Soldiers of the Sudani

Militarised slave soldiers were to be found in sub-Saharan Africa – the Fatimids used their money and diplomatic connections to buy as many of these as they could. The main source of these troops were the two Nubian kingdoms to the south of Egypt, Alwa and Makuria, both of which were largely Christian. They provided good infantry and gave additional access to manpower from the lands beyond, further into Africa.
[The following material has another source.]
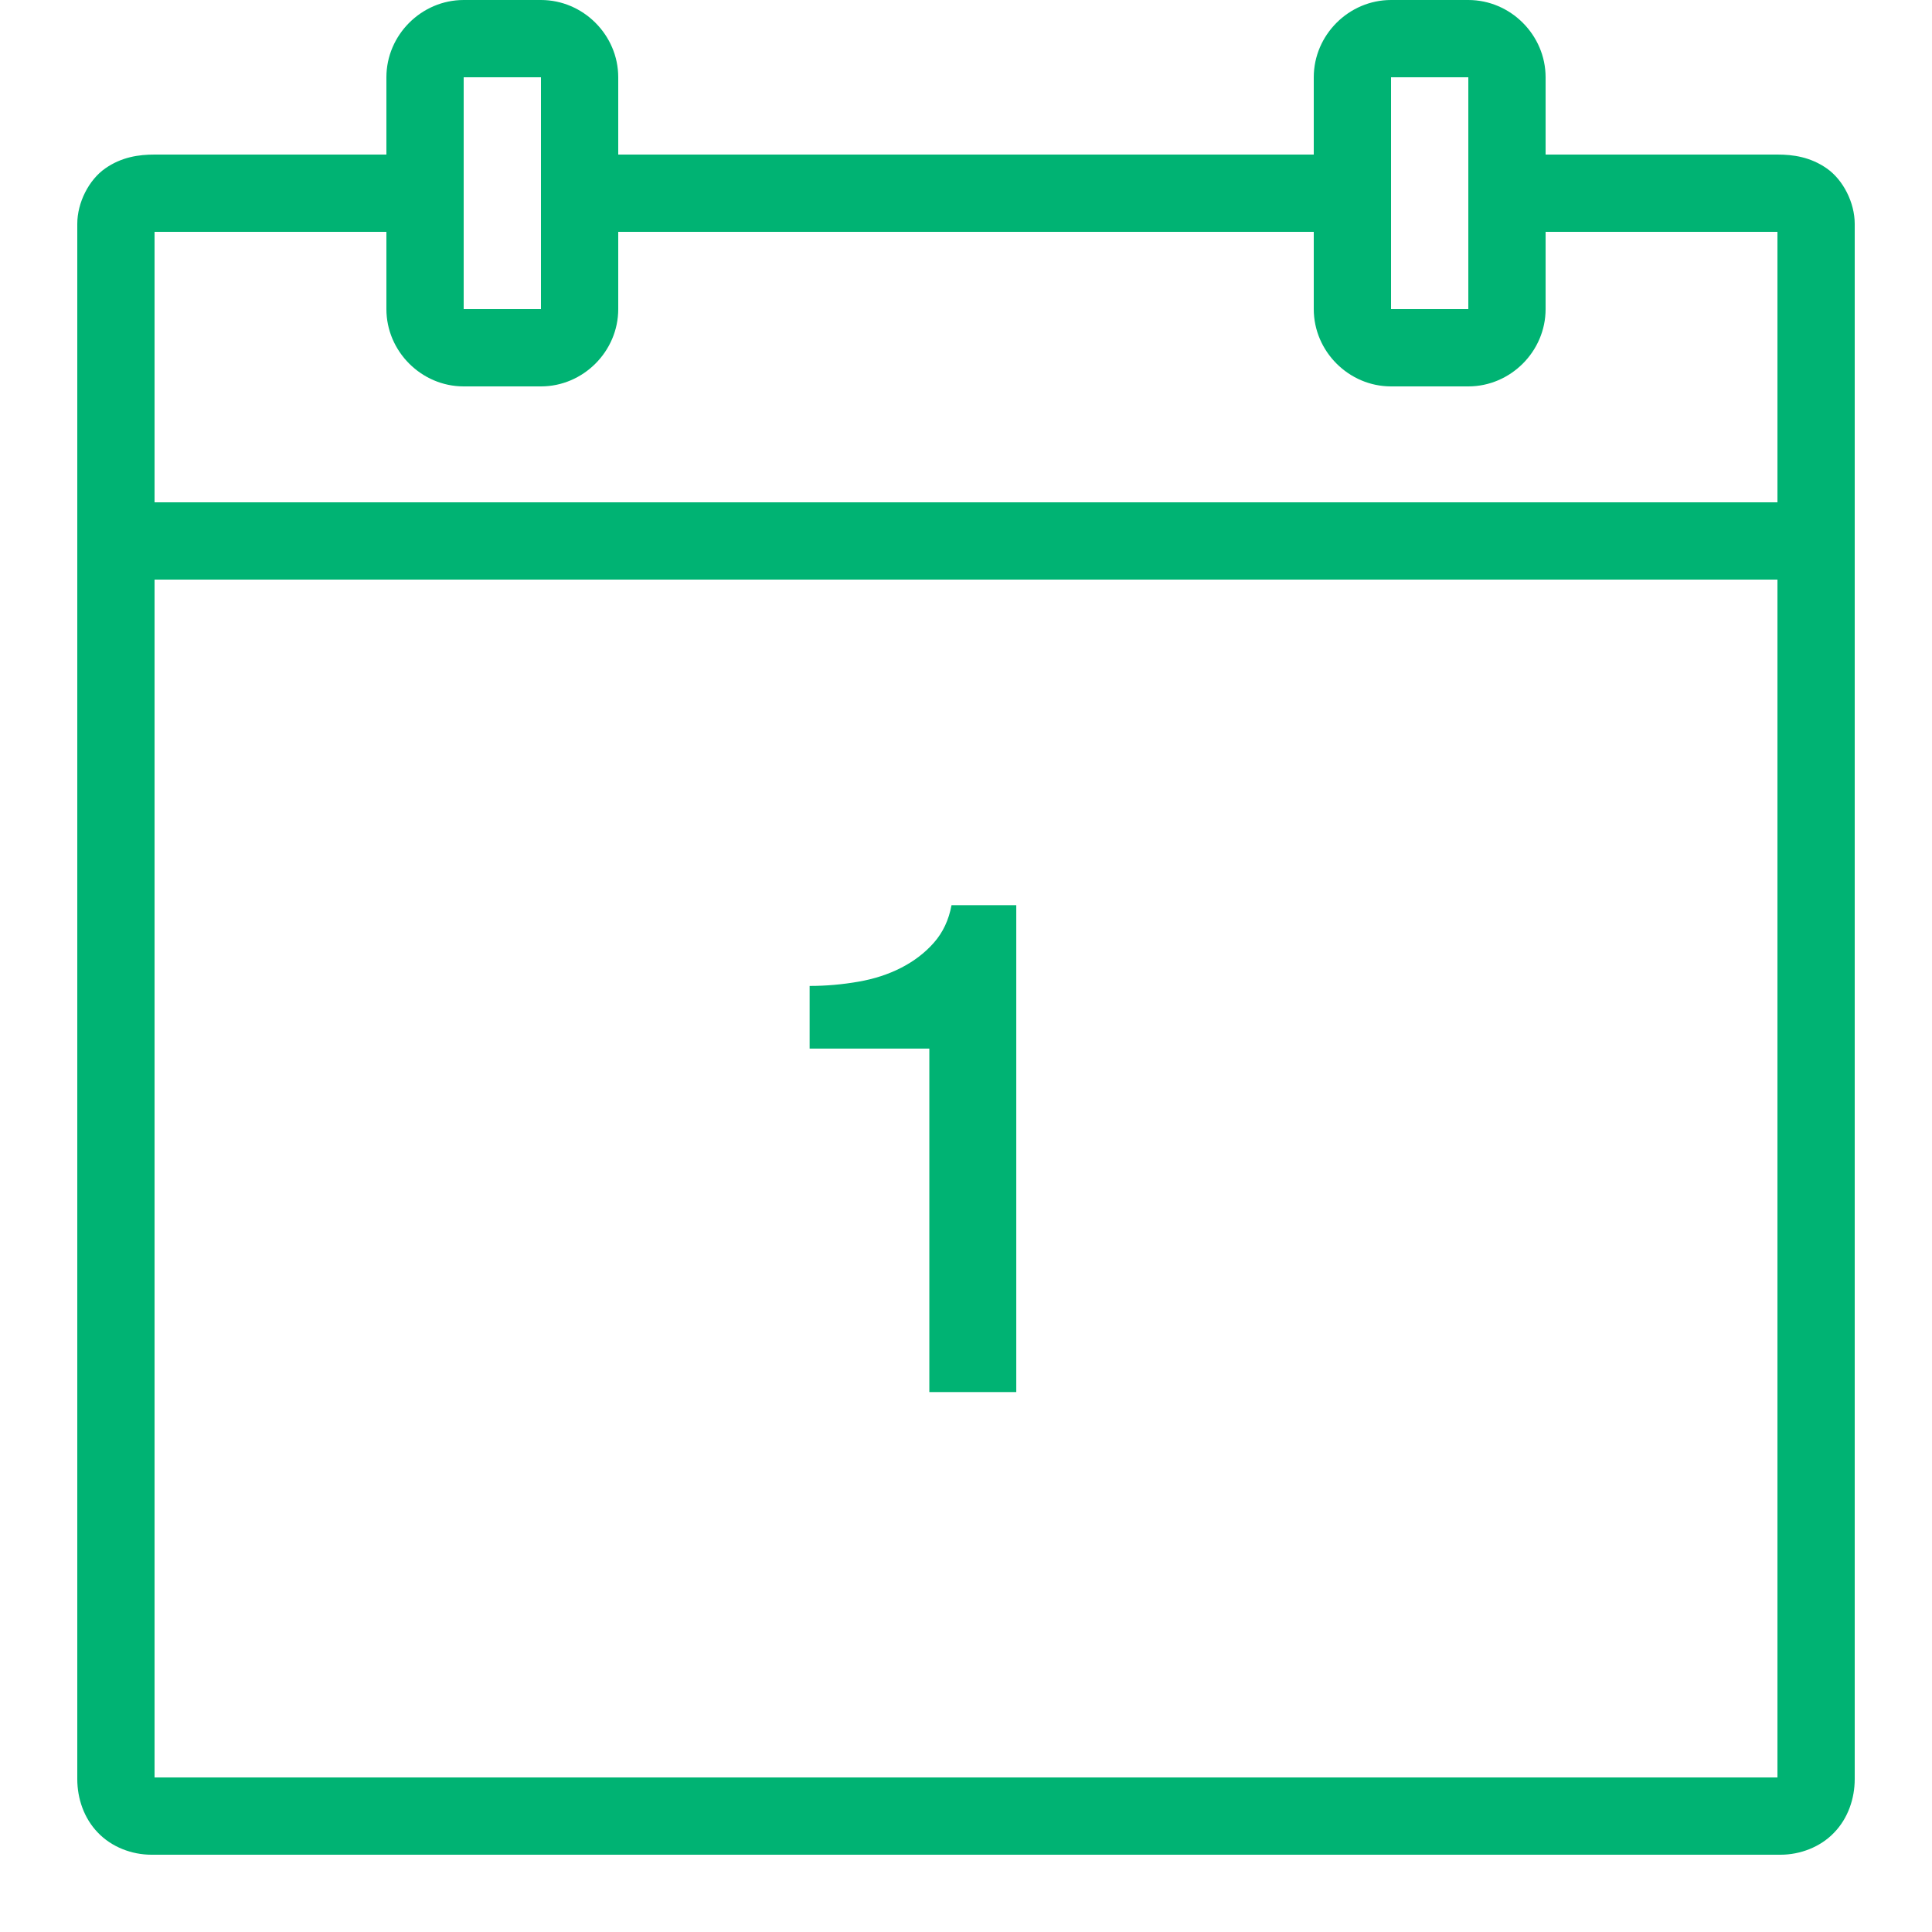 <svg width="50" height="50" viewBox="0 0 50 50" fill="none" xmlns="http://www.w3.org/2000/svg">
<path d="M12 0C10.906 0 10 0.906 10 2V4H4C3.594 4 3.148 4.062 2.723 4.359C2.297 4.656 2 5.246 2 5.793V46.043C2 46.543 2.172 47.055 2.531 47.426C2.887 47.801 3.41 48 3.918 48H46.082C46.59 48 47.113 47.801 47.469 47.426C47.828 47.055 48 46.543 48 46.043V5.793C48 5.246 47.703 4.656 47.277 4.359C46.852 4.062 46.406 4 46 4H40V2C40 0.906 39.094 0 38 0H36C34.906 0 34 0.906 34 2V4H16V2C16 0.906 15.094 0 14 0H12ZM12 2H14V8H12V2ZM36 2H38V8H36V2ZM4 6H10V8C10 9.094 10.906 10 12 10H14C15.094 10 16 9.094 16 8V6H34V8C34 9.094 34.906 10 36 10H38C39.094 10 40 9.094 40 8V6H46V13H4V6ZM4 15H46V46H4V15ZM24.625 23.426C24.555 23.809 24.402 24.133 24.168 24.398C23.934 24.664 23.648 24.879 23.32 25.047C22.992 25.215 22.621 25.336 22.215 25.406C21.809 25.477 21.387 25.516 20.953 25.516V27.137H24.051V36.027H26.301V23.426H24.625Z" fill="#00B373"/>
</svg>

These men were available in very large numbers and were organised into ungainly brigades of perhaps some 5,000 men each. It has been estimated that there were approximately 30,000 men in these ‘Black’ (Sudani) units by the 1160s and early 1170s. Their martial qualities were often unappreciated, however, and there seems to have been an element of institutionalised racial prejudice against the sub-Saharan regiments. The itinerant Syrian prince and jobbing diplomat, Usama Ibn-Munqidh, himself an officer in the Egyptian military in the early 1150s and writing for a primarily Arab or Turkic audience, contemptuously described them as ‘defenceless, useless fools’.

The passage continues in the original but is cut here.